El trotar de las teclas desencadenó en una melodía que sólo los libros que flanqueaban a Edward, disfrutaban. Sus ojos entraban en la hoja que el rodillo hacia subir lentamente; no hay prisas, no para Edward, no para el que escribe. Se toma su tiempo, goza el hecho de sentirse libre, de poder echar a volar la imaginación; ya la elegía ha quedado soterrada en las profundidades del olvido. Ahora, es una mujer a la que describe con delicadeza, con suavidad. Edward aguarda a que el adjetivo le haga justicia a la mujer que describe, al rostro estilizado esculpido por la aurora que se mece en el firmamento. De cuando en cuando Edward se detiene, se toca la barbilla y siente que está pariendo una barba ínfima pero continua sin darle mucha importancia, y es cuando esa mujer -su creación- de moceada mirada lo atrapa, lo desnuda, y lo invita a describir sus curvas, sus pechos y caderas, sus piernas barnizadas en bronce y tierra de Cómala. Y Edward, completamente seducido, cae a sus pies de la mujer que ya lo besa y lo invita a su habitación, pero Edward se detiene porque busca en un cuento de Cortázar la respuesta; busca en París, un cuello de gatito negro y en éste una salida; una posible muerte anunciada gritada por el apellido Márquez. Pero no será así... Cortázar duerme en las profundidades del estante, cubierto por los muertos de Rulfo.

Edward se desborda en adjetivos cargados de nuevas esperanzas, de riachuelos desbordados en pasiones oníricas, y descubre entre las sombras unos anteojos y con ellos entra a la habitación de ella, de Berenice, le dice que se llama Berenice, le ha dictado el nombre y él lo escribe y es muy tarde porque la puerta se cierra.

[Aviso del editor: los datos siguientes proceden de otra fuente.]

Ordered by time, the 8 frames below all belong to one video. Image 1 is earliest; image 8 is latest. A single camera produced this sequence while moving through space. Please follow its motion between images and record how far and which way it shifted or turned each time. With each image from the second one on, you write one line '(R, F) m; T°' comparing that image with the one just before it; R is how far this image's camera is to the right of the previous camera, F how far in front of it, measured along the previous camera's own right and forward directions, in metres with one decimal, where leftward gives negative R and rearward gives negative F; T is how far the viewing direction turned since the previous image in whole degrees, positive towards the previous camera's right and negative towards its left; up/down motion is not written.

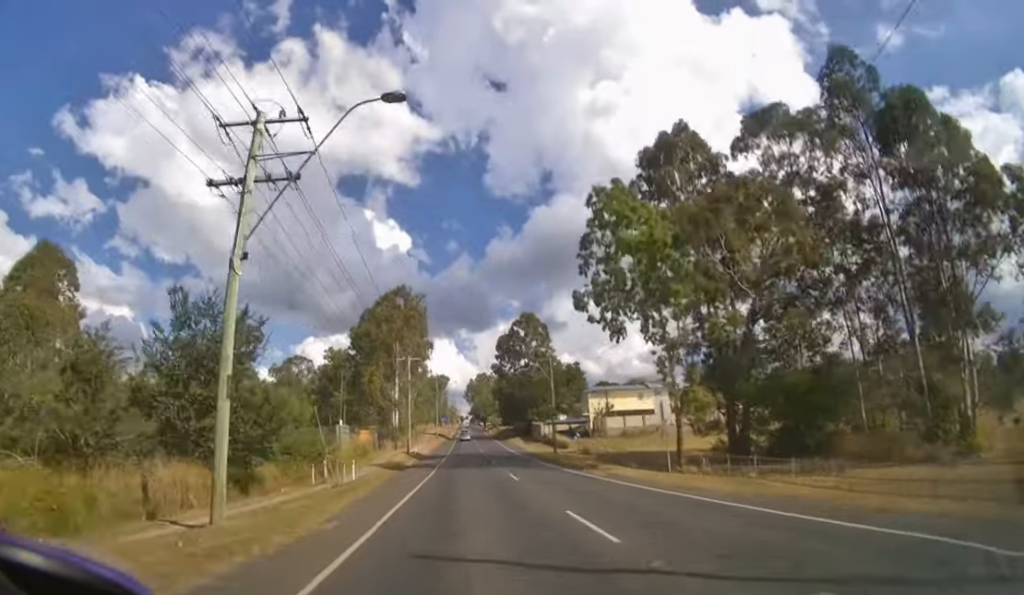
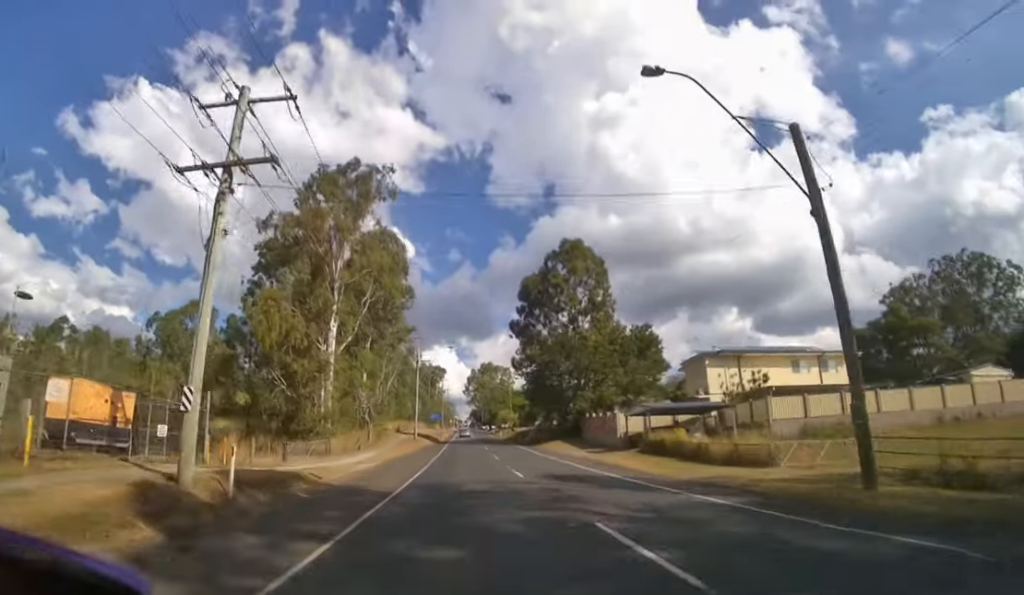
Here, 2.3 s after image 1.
(+0.2, +37.6) m; 0°
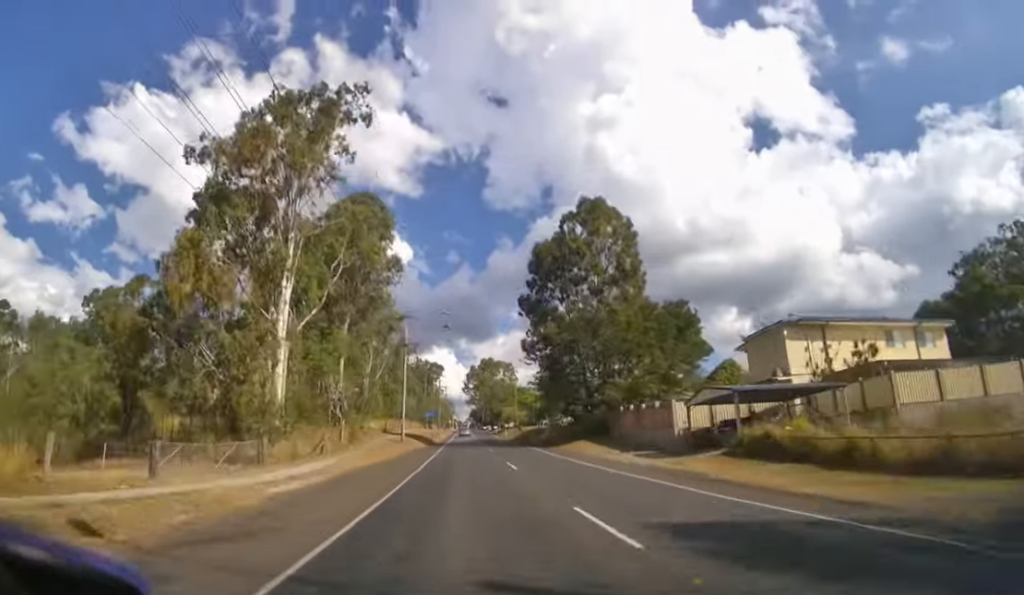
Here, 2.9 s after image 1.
(0.0, +9.5) m; 0°
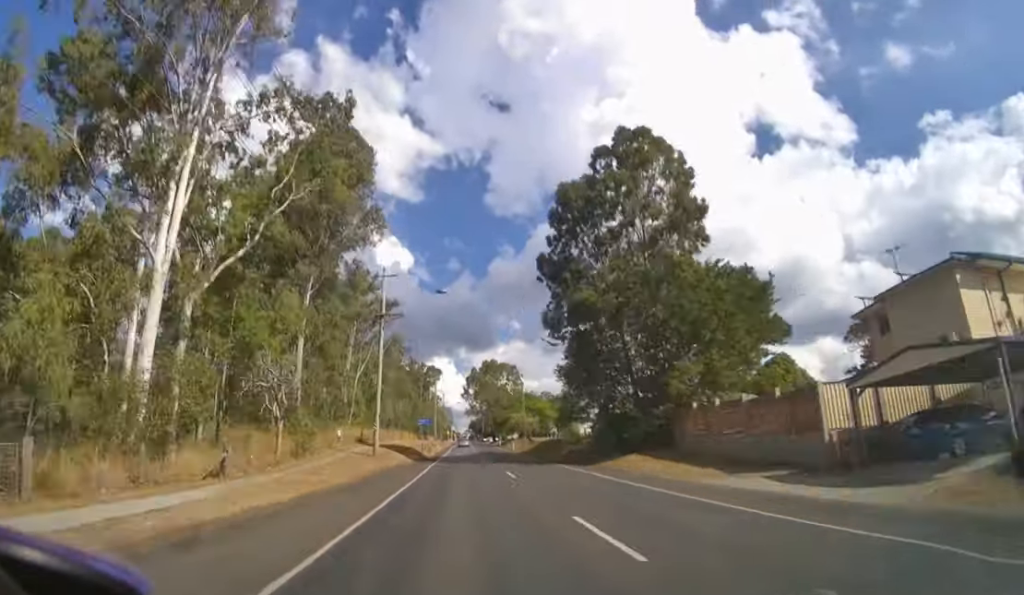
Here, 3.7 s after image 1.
(0.0, +10.8) m; 0°
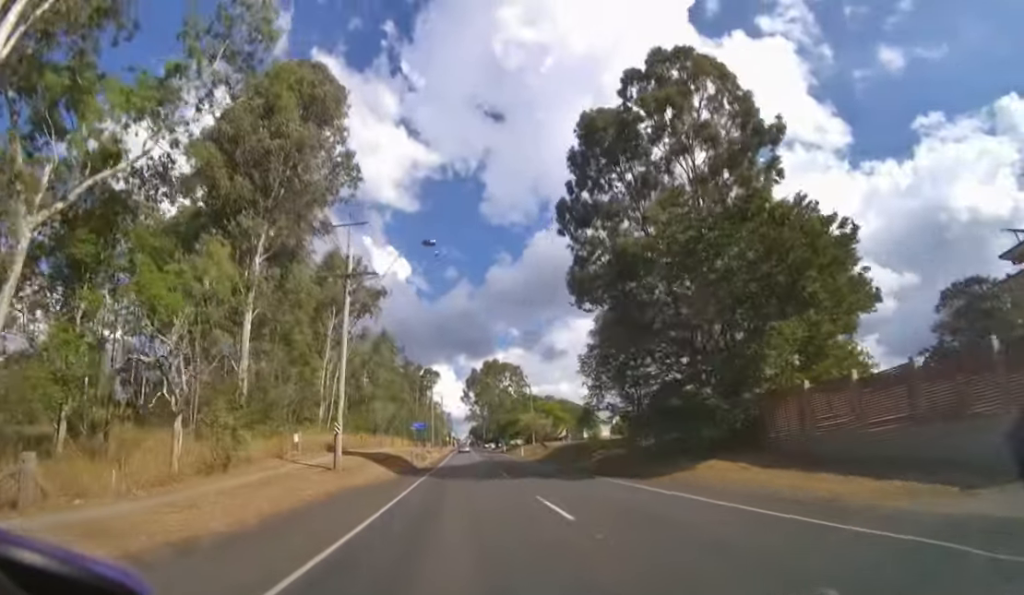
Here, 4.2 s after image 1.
(0.0, +7.3) m; 0°
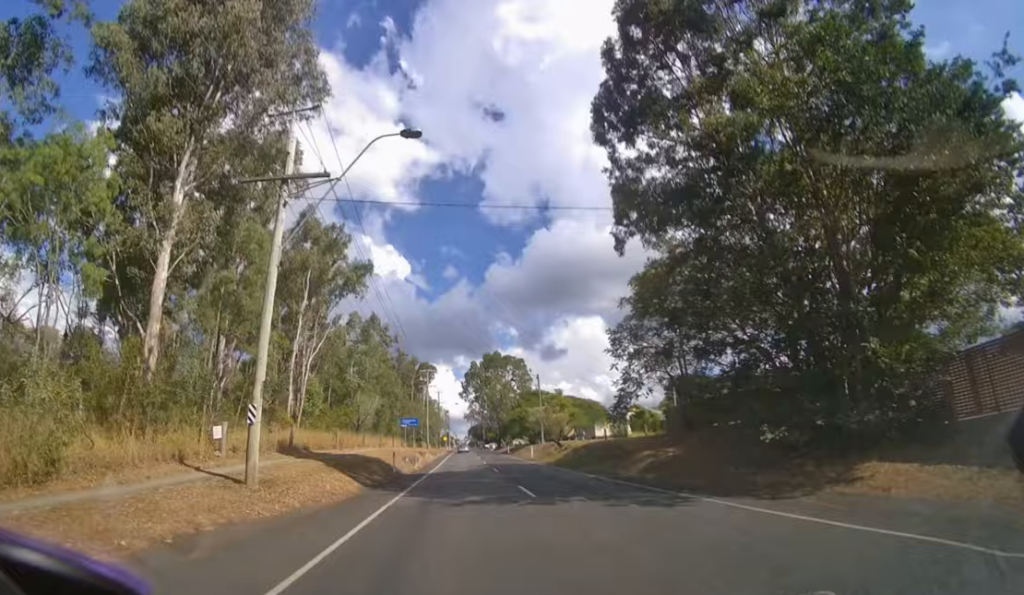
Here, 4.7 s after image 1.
(0.0, +7.4) m; 0°
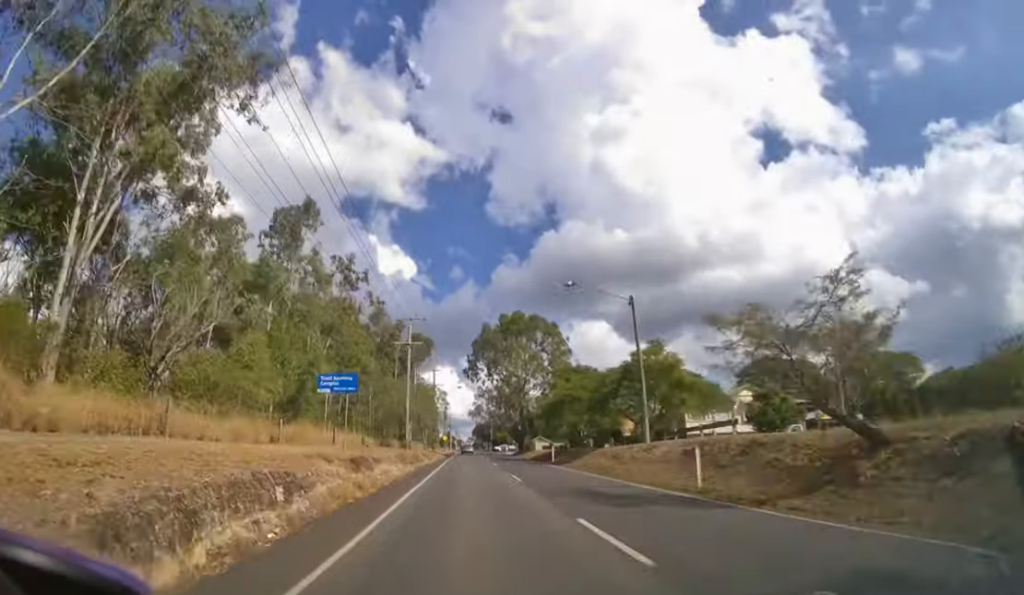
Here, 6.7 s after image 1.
(-0.2, +31.8) m; -1°
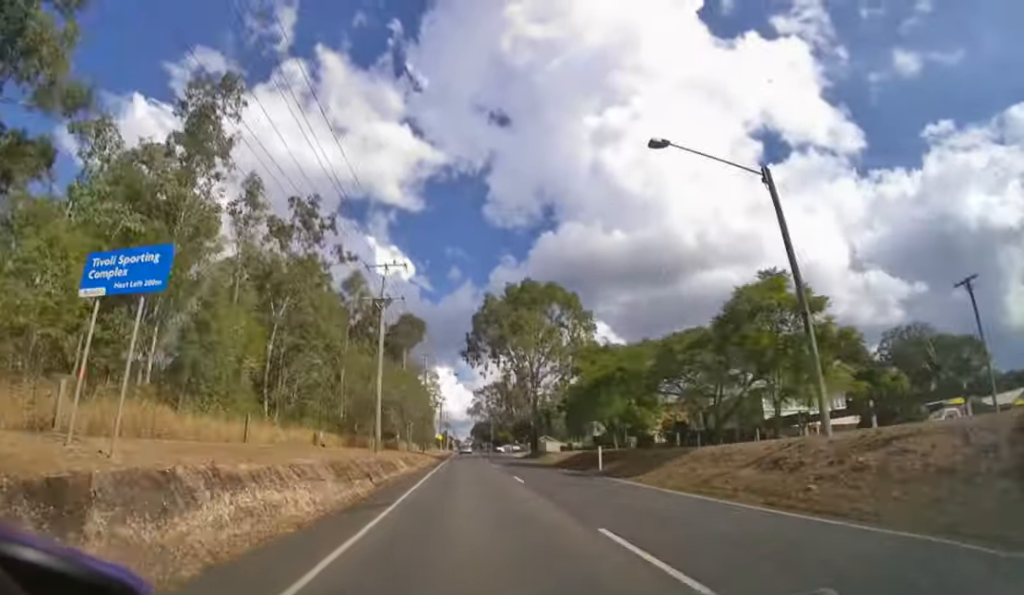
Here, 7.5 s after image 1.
(0.0, +15.7) m; 0°

Edward se toma la barba con la diestra a la altura del pecho y sus parpados se van desahuciando sin notarlo. Él sigue escribiendo, y el barroco lo domina, el adorno de palabras enarbolan su ego, y es el tiempo de tirarla a la cama y entrar en el sexo de Berenice que ya grita y ríe socarronamente, mientras ve como los ojos nebulosos de Edward se marchitan, y la cabeza de éste cae sobre las hojas, deteniendo la marcha de las letras, dejando que lo cano de su cabello, cubra parte de lo negro del escritorio. Sus labios surcados por el olvido entreabiertos. Su mano marchita espolvoreada en años queda sobre un nombre, el nombre de la mujer que no pudo tener ni en su propia historia, ese nombre ambiguo, un nombre que también llora Dante, pero que Edward no puede buscar en el paraíso porque Berenice se quedó en su elegía advertida que no dejó exponerse.